U.S. Oil Production Tops 10 Million Barrels A Day for First Time Since 1970
Fri, February 02, 2018
While global oil exporters once dismissed shale as a flash in the pan, the industry has emerged more efficient than ever from a three-year oil price rout and is poised to take advantage of prices that are at their highest levels since late 2014.
In November, production rose to 10.038 million barrels a day, 4% more than the previous month, according to the U.S. Energy Information Administration. That is just shy of the monthly record of 10.044 million barrels a day in November of 1970.
The resurgence of the U.S. shale industry is the latest turn in the tug of war between shale producers and the Organization of the Petroleum Exporting Countries, which last year coordinated an output cut with other major exporters, including Russia. The group has been trimming about 2% of global oil supply in a bid to work off a glut and raise prices.
The efforts have paid off: prices have surged this year amid tightening supplies and world-wide economic growth that stirred surprisingly strong demand.
The prospect of a flood of new output from shale wells has tempered oil rallies at times but hasn’t much diminished investor enthusiasm lately. U.S. oil prices rose more than 7% in January and have posted monthly gains for five straight months--their longest streak since 2011. On Wednesday, U.S. crude futures rose 23 cents to $64.73 a barrel on the New York Mercantile Exchange and Brent, the global benchmark, rose 3 cents to $69.05 a barrel on ICE Futures Europe.

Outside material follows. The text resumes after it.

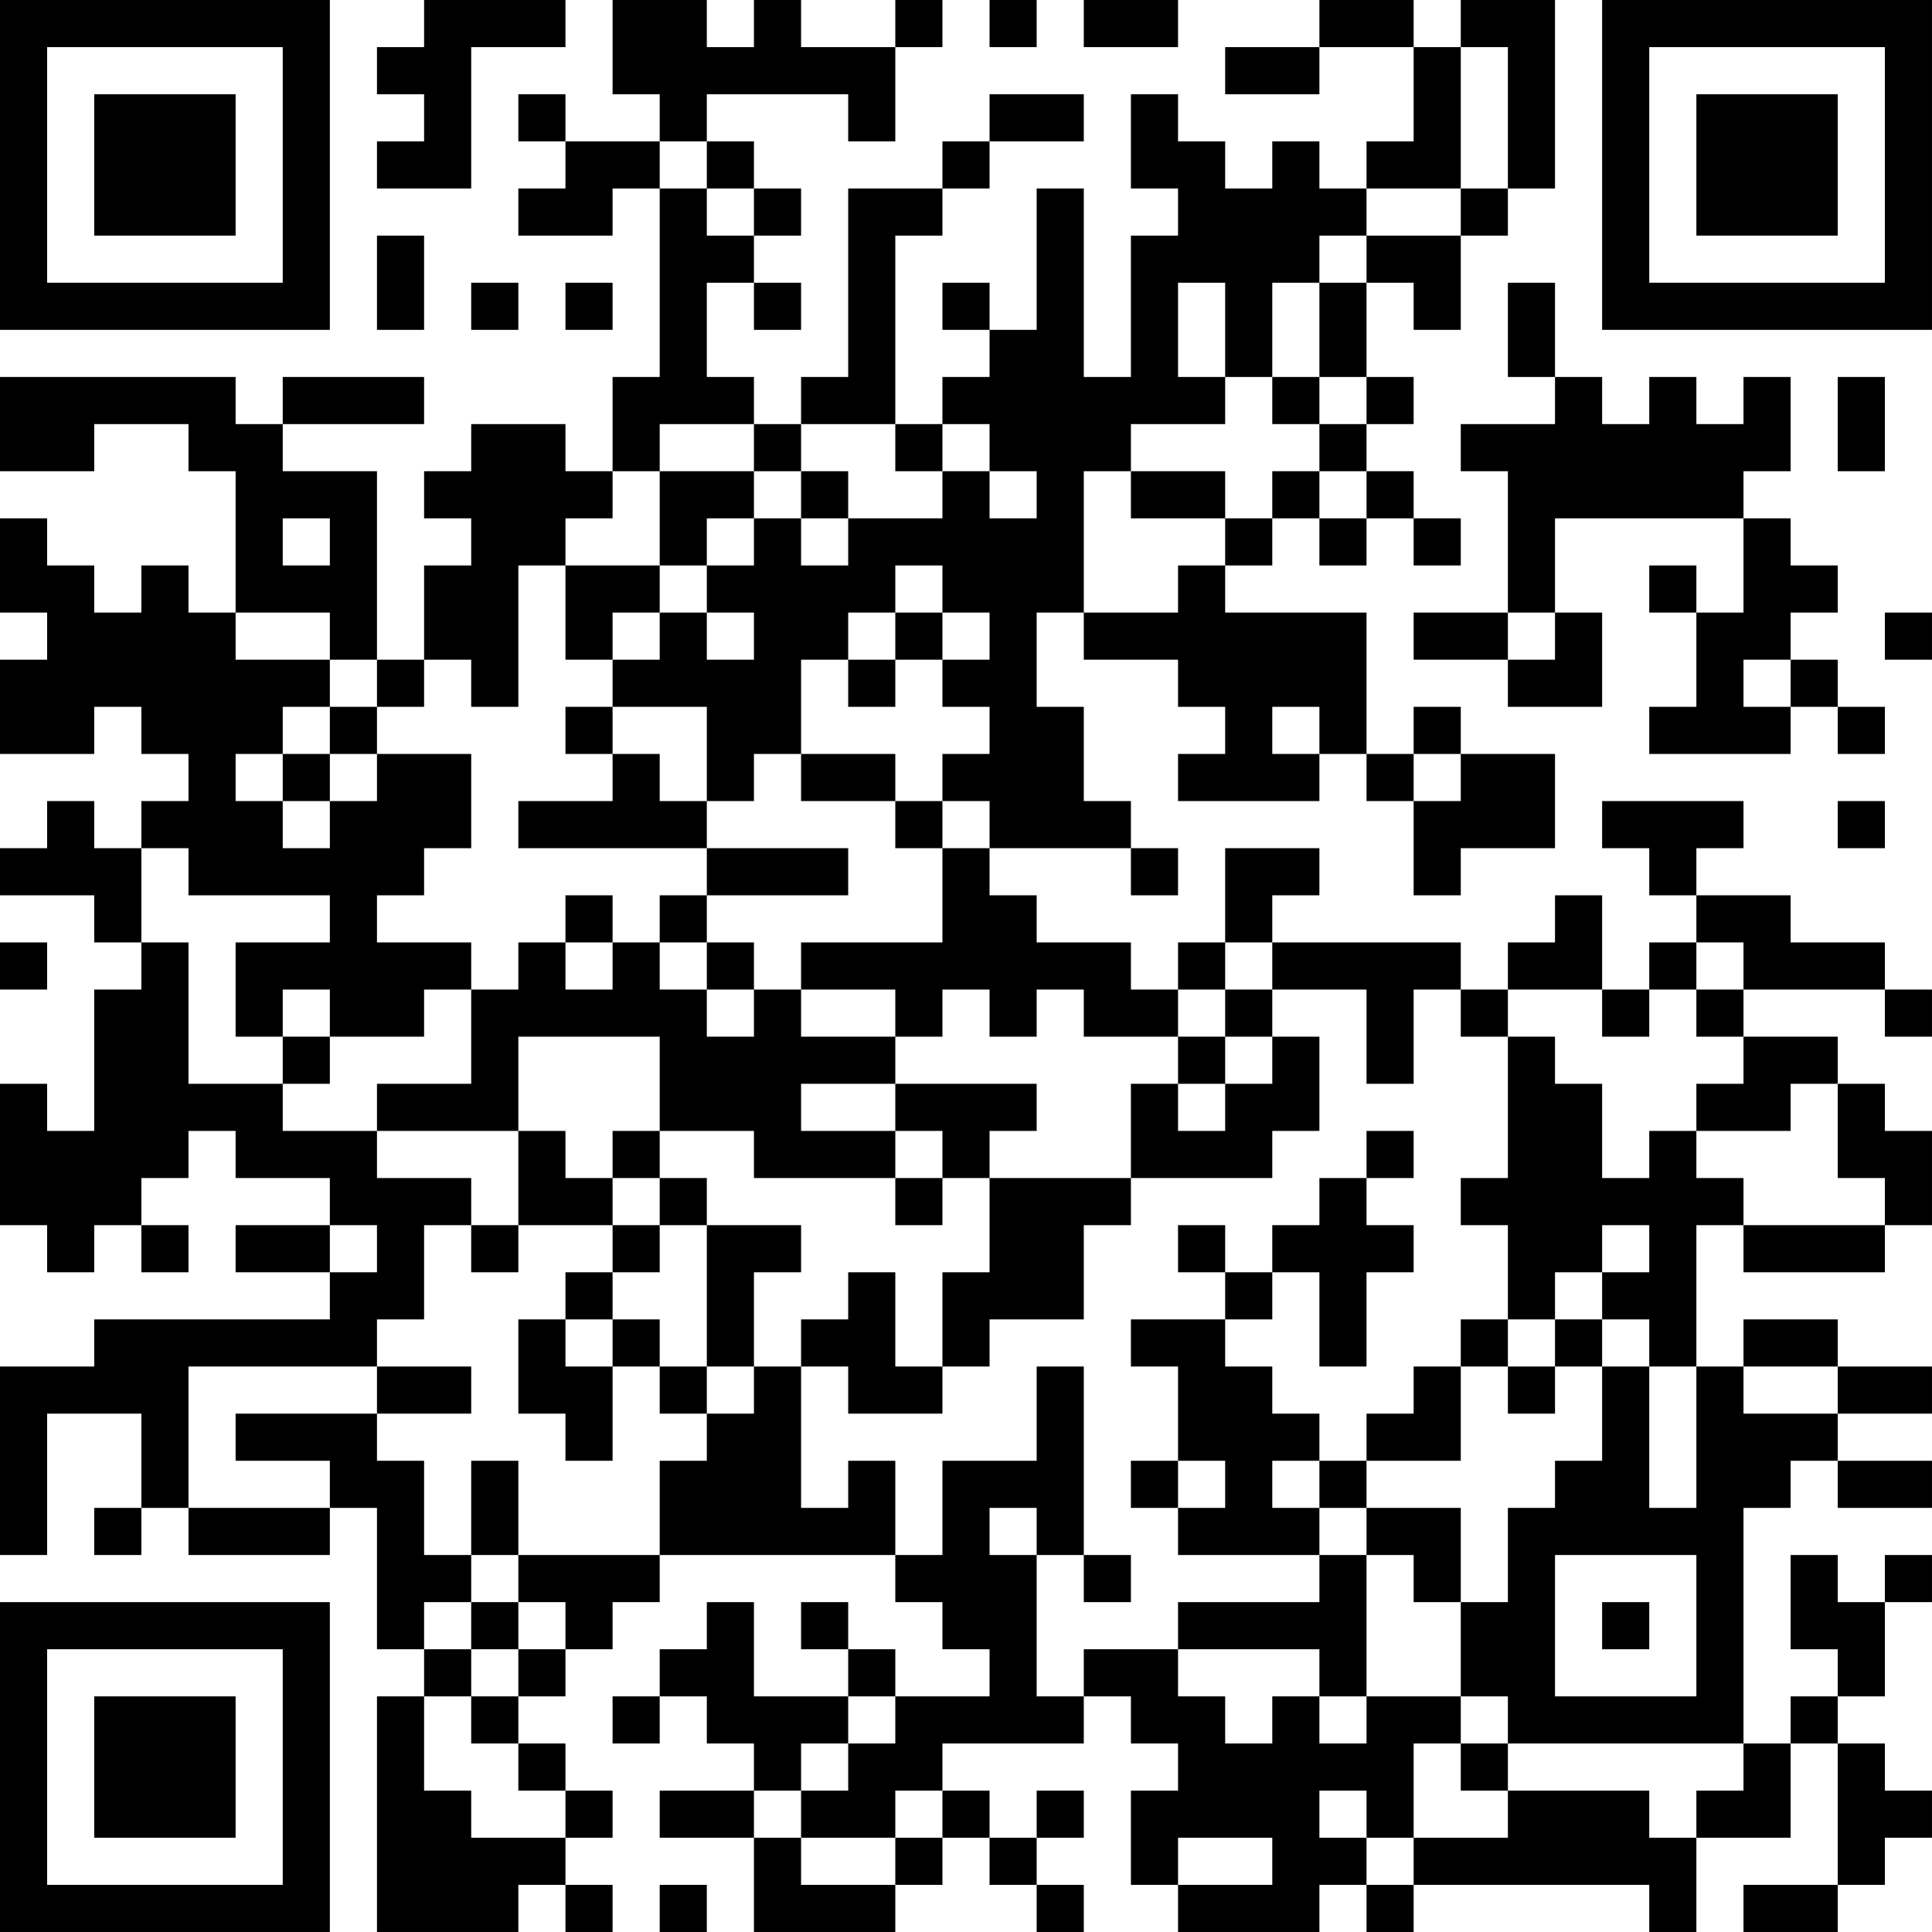 <?xml version="1.0" encoding="UTF-8"?>
<svg xmlns="http://www.w3.org/2000/svg" version="1.1" width="300" height="300" viewBox="0 0 300 300"><rect x="0" y="0" width="300" height="300" fill="#ffffff"/><g transform="scale(7.317)"><g transform="translate(0,0)"><path fill-rule="evenodd" d="M9 0L9 1L8 1L8 2L9 2L9 3L8 3L8 4L10 4L10 1L12 1L12 0ZM13 0L13 2L14 2L14 3L12 3L12 2L11 2L11 3L12 3L12 4L11 4L11 5L13 5L13 4L14 4L14 8L13 8L13 10L12 10L12 9L10 9L10 10L9 10L9 11L10 11L10 12L9 12L9 14L8 14L8 10L6 10L6 9L9 9L9 8L6 8L6 9L5 9L5 8L0 8L0 10L2 10L2 9L4 9L4 10L5 10L5 13L4 13L4 12L3 12L3 13L2 13L2 12L1 12L1 11L0 11L0 13L1 13L1 14L0 14L0 16L2 16L2 15L3 15L3 16L4 16L4 17L3 17L3 18L2 18L2 17L1 17L1 18L0 18L0 19L2 19L2 20L3 20L3 21L2 21L2 24L1 24L1 23L0 23L0 26L1 26L1 27L2 27L2 26L3 26L3 27L4 27L4 26L3 26L3 25L4 25L4 24L5 24L5 25L7 25L7 26L5 26L5 27L7 27L7 28L2 28L2 29L0 29L0 33L1 33L1 30L3 30L3 32L2 32L2 33L3 33L3 32L4 32L4 33L7 33L7 32L8 32L8 35L9 35L9 36L8 36L8 41L11 41L11 40L12 40L12 41L13 41L13 40L12 40L12 39L13 39L13 38L12 38L12 37L11 37L11 36L12 36L12 35L13 35L13 34L14 34L14 33L19 33L19 34L20 34L20 35L21 35L21 36L19 36L19 35L18 35L18 34L17 34L17 35L18 35L18 36L16 36L16 34L15 34L15 35L14 35L14 36L13 36L13 37L14 37L14 36L15 36L15 37L16 37L16 38L14 38L14 39L16 39L16 41L19 41L19 40L20 40L20 39L21 39L21 40L22 40L22 41L23 41L23 40L22 40L22 39L23 39L23 38L22 38L22 39L21 39L21 38L20 38L20 37L23 37L23 36L24 36L24 37L25 37L25 38L24 38L24 40L25 40L25 41L28 41L28 40L29 40L29 41L30 41L30 40L35 40L35 41L36 41L36 39L38 39L38 37L39 37L39 40L37 40L37 41L39 41L39 40L40 40L40 39L41 39L41 38L40 38L40 37L39 37L39 36L40 36L40 34L41 34L41 33L40 33L40 34L39 34L39 33L38 33L38 35L39 35L39 36L38 36L38 37L37 37L37 32L38 32L38 31L39 31L39 32L41 32L41 31L39 31L39 30L41 30L41 29L39 29L39 28L37 28L37 29L36 29L36 26L37 26L37 27L40 27L40 26L41 26L41 24L40 24L40 23L39 23L39 22L37 22L37 21L40 21L40 22L41 22L41 21L40 21L40 20L38 20L38 19L36 19L36 18L37 18L37 17L34 17L34 18L35 18L35 19L36 19L36 20L35 20L35 21L34 21L34 19L33 19L33 20L32 20L32 21L31 21L31 20L27 20L27 19L28 19L28 18L26 18L26 20L25 20L25 21L24 21L24 20L22 20L22 19L21 19L21 18L24 18L24 19L25 19L25 18L24 18L24 17L23 17L23 15L22 15L22 13L23 13L23 14L25 14L25 15L26 15L26 16L25 16L25 17L28 17L28 16L29 16L29 17L30 17L30 19L31 19L31 18L33 18L33 16L31 16L31 15L30 15L30 16L29 16L29 13L26 13L26 12L27 12L27 11L28 11L28 12L29 12L29 11L30 11L30 12L31 12L31 11L30 11L30 10L29 10L29 9L30 9L30 8L29 8L29 6L30 6L30 7L31 7L31 5L32 5L32 4L33 4L33 0L31 0L31 1L30 1L30 0L28 0L28 1L26 1L26 2L28 2L28 1L30 1L30 3L29 3L29 4L28 4L28 3L27 3L27 4L26 4L26 3L25 3L25 2L24 2L24 4L25 4L25 5L24 5L24 8L23 8L23 4L22 4L22 7L21 7L21 6L20 6L20 7L21 7L21 8L20 8L20 9L19 9L19 5L20 5L20 4L21 4L21 3L23 3L23 2L21 2L21 3L20 3L20 4L18 4L18 8L17 8L17 9L16 9L16 8L15 8L15 6L16 6L16 7L17 7L17 6L16 6L16 5L17 5L17 4L16 4L16 3L15 3L15 2L18 2L18 3L19 3L19 1L20 1L20 0L19 0L19 1L17 1L17 0L16 0L16 1L15 1L15 0ZM21 0L21 1L22 1L22 0ZM23 0L23 1L25 1L25 0ZM31 1L31 4L29 4L29 5L28 5L28 6L27 6L27 8L26 8L26 6L25 6L25 8L26 8L26 9L24 9L24 10L23 10L23 13L25 13L25 12L26 12L26 11L27 11L27 10L28 10L28 11L29 11L29 10L28 10L28 9L29 9L29 8L28 8L28 6L29 6L29 5L31 5L31 4L32 4L32 1ZM14 3L14 4L15 4L15 5L16 5L16 4L15 4L15 3ZM8 5L8 7L9 7L9 5ZM10 6L10 7L11 7L11 6ZM12 6L12 7L13 7L13 6ZM32 6L32 8L33 8L33 9L31 9L31 10L32 10L32 13L30 13L30 14L32 14L32 15L34 15L34 13L33 13L33 11L37 11L37 13L36 13L36 12L35 12L35 13L36 13L36 15L35 15L35 16L38 16L38 15L39 15L39 16L40 16L40 15L39 15L39 14L38 14L38 13L39 13L39 12L38 12L38 11L37 11L37 10L38 10L38 8L37 8L37 9L36 9L36 8L35 8L35 9L34 9L34 8L33 8L33 6ZM27 8L27 9L28 9L28 8ZM39 8L39 10L40 10L40 8ZM14 9L14 10L13 10L13 11L12 11L12 12L11 12L11 15L10 15L10 14L9 14L9 15L8 15L8 14L7 14L7 13L5 13L5 14L7 14L7 15L6 15L6 16L5 16L5 17L6 17L6 18L7 18L7 17L8 17L8 16L10 16L10 18L9 18L9 19L8 19L8 20L10 20L10 21L9 21L9 22L7 22L7 21L6 21L6 22L5 22L5 20L7 20L7 19L4 19L4 18L3 18L3 20L4 20L4 23L6 23L6 24L8 24L8 25L10 25L10 26L9 26L9 28L8 28L8 29L4 29L4 32L7 32L7 31L5 31L5 30L8 30L8 31L9 31L9 33L10 33L10 34L9 34L9 35L10 35L10 36L9 36L9 38L10 38L10 39L12 39L12 38L11 38L11 37L10 37L10 36L11 36L11 35L12 35L12 34L11 34L11 33L14 33L14 31L15 31L15 30L16 30L16 29L17 29L17 32L18 32L18 31L19 31L19 33L20 33L20 31L22 31L22 29L23 29L23 33L22 33L22 32L21 32L21 33L22 33L22 36L23 36L23 35L25 35L25 36L26 36L26 37L27 37L27 36L28 36L28 37L29 37L29 36L31 36L31 37L30 37L30 39L29 39L29 38L28 38L28 39L29 39L29 40L30 40L30 39L32 39L32 38L35 38L35 39L36 39L36 38L37 38L37 37L32 37L32 36L31 36L31 34L32 34L32 32L33 32L33 31L34 31L34 29L35 29L35 32L36 32L36 29L35 29L35 28L34 28L34 27L35 27L35 26L34 26L34 27L33 27L33 28L32 28L32 26L31 26L31 25L32 25L32 22L33 22L33 23L34 23L34 25L35 25L35 24L36 24L36 25L37 25L37 26L40 26L40 25L39 25L39 23L38 23L38 24L36 24L36 23L37 23L37 22L36 22L36 21L37 21L37 20L36 20L36 21L35 21L35 22L34 22L34 21L32 21L32 22L31 22L31 21L30 21L30 23L29 23L29 21L27 21L27 20L26 20L26 21L25 21L25 22L23 22L23 21L22 21L22 22L21 22L21 21L20 21L20 22L19 22L19 21L17 21L17 20L20 20L20 18L21 18L21 17L20 17L20 16L21 16L21 15L20 15L20 14L21 14L21 13L20 13L20 12L19 12L19 13L18 13L18 14L17 14L17 16L16 16L16 17L15 17L15 15L13 15L13 14L14 14L14 13L15 13L15 14L16 14L16 13L15 13L15 12L16 12L16 11L17 11L17 12L18 12L18 11L20 11L20 10L21 10L21 11L22 11L22 10L21 10L21 9L20 9L20 10L19 10L19 9L17 9L17 10L16 10L16 9ZM14 10L14 12L12 12L12 14L13 14L13 13L14 13L14 12L15 12L15 11L16 11L16 10ZM17 10L17 11L18 11L18 10ZM24 10L24 11L26 11L26 10ZM6 11L6 12L7 12L7 11ZM19 13L19 14L18 14L18 15L19 15L19 14L20 14L20 13ZM32 13L32 14L33 14L33 13ZM40 13L40 14L41 14L41 13ZM37 14L37 15L38 15L38 14ZM7 15L7 16L6 16L6 17L7 17L7 16L8 16L8 15ZM12 15L12 16L13 16L13 17L11 17L11 18L15 18L15 19L14 19L14 20L13 20L13 19L12 19L12 20L11 20L11 21L10 21L10 23L8 23L8 24L11 24L11 26L10 26L10 27L11 27L11 26L13 26L13 27L12 27L12 28L11 28L11 30L12 30L12 31L13 31L13 29L14 29L14 30L15 30L15 29L16 29L16 27L17 27L17 26L15 26L15 25L14 25L14 24L16 24L16 25L19 25L19 26L20 26L20 25L21 25L21 27L20 27L20 29L19 29L19 27L18 27L18 28L17 28L17 29L18 29L18 30L20 30L20 29L21 29L21 28L23 28L23 26L24 26L24 25L27 25L27 24L28 24L28 22L27 22L27 21L26 21L26 22L25 22L25 23L24 23L24 25L21 25L21 24L22 24L22 23L19 23L19 22L17 22L17 21L16 21L16 20L15 20L15 19L18 19L18 18L15 18L15 17L14 17L14 16L13 16L13 15ZM27 15L27 16L28 16L28 15ZM17 16L17 17L19 17L19 18L20 18L20 17L19 17L19 16ZM30 16L30 17L31 17L31 16ZM39 17L39 18L40 18L40 17ZM0 20L0 21L1 21L1 20ZM12 20L12 21L13 21L13 20ZM14 20L14 21L15 21L15 22L16 22L16 21L15 21L15 20ZM6 22L6 23L7 23L7 22ZM11 22L11 24L12 24L12 25L13 25L13 26L14 26L14 27L13 27L13 28L12 28L12 29L13 29L13 28L14 28L14 29L15 29L15 26L14 26L14 25L13 25L13 24L14 24L14 22ZM26 22L26 23L25 23L25 24L26 24L26 23L27 23L27 22ZM17 23L17 24L19 24L19 25L20 25L20 24L19 24L19 23ZM29 24L29 25L28 25L28 26L27 26L27 27L26 27L26 26L25 26L25 27L26 27L26 28L24 28L24 29L25 29L25 31L24 31L24 32L25 32L25 33L28 33L28 34L25 34L25 35L28 35L28 36L29 36L29 33L30 33L30 34L31 34L31 32L29 32L29 31L31 31L31 29L32 29L32 30L33 30L33 29L34 29L34 28L33 28L33 29L32 29L32 28L31 28L31 29L30 29L30 30L29 30L29 31L28 31L28 30L27 30L27 29L26 29L26 28L27 28L27 27L28 27L28 29L29 29L29 27L30 27L30 26L29 26L29 25L30 25L30 24ZM7 26L7 27L8 27L8 26ZM8 29L8 30L10 30L10 29ZM37 29L37 30L39 30L39 29ZM10 31L10 33L11 33L11 31ZM25 31L25 32L26 32L26 31ZM27 31L27 32L28 32L28 33L29 33L29 32L28 32L28 31ZM23 33L23 34L24 34L24 33ZM33 33L33 36L36 36L36 33ZM10 34L10 35L11 35L11 34ZM34 34L34 35L35 35L35 34ZM18 36L18 37L17 37L17 38L16 38L16 39L17 39L17 40L19 40L19 39L20 39L20 38L19 38L19 39L17 39L17 38L18 38L18 37L19 37L19 36ZM31 37L31 38L32 38L32 37ZM25 39L25 40L27 40L27 39ZM14 40L14 41L15 41L15 40ZM0 0L0 7L7 7L7 0ZM1 1L1 6L6 6L6 1ZM2 2L2 5L5 5L5 2ZM34 0L34 7L41 7L41 0ZM35 1L35 6L40 6L40 1ZM36 2L36 5L39 5L39 2ZM0 34L0 41L7 41L7 34ZM1 35L1 40L6 40L6 35ZM2 36L2 39L5 39L5 36Z" fill="#000000"/></g></g></svg>

The new data bolster a prediction made at the end of 2017 by Rystad Energy, a consulting firm that tracks production data. At that time Rystad said that the U.S. had already hit the 10 million barrel a day marker, citing strong shale output gains in October that were masked by the effects from hurricanes on Gulf of Mexico pumping.
As U.S. producers pump more, oil imports from foreign countries are shrinking to new lows and American crude exports are rising. The petroleum trade deficit in the U.S. was 2.5 million barrels a day at the end of the year when looking across all types of petroleum liquids, including fuels such as gasoline and diesel, Rystad said. That is down sharply from a peak petroleum deficit of 12.5 million barrels a day in 2007.
Rystad expects that gap to keep shrinking because West Texas Intermediate oil is trading at a big discount to Brent, the global crude benchmark price. That allows U.S. refineries to run full tilt on cheaper crude close to home, while also making it economical to ship oil abroad.
Over the last decade, U.S. output has roughly doubled as companies became experts in forcing oil from shale formations by drilling and fracking long horizontal wells.
The EIA and the International Energy Agency have both predicted that U.S. output will average more than 10 million barrels a day this year. The IEA predicted earlier this month that the U.S. is on pace pull ahead of Saudi Arabia, which last year produced just shy of 10 million barrels a day, and will vie with Russia, with output of 11 million barrels a day, to become the world’s top oil producer.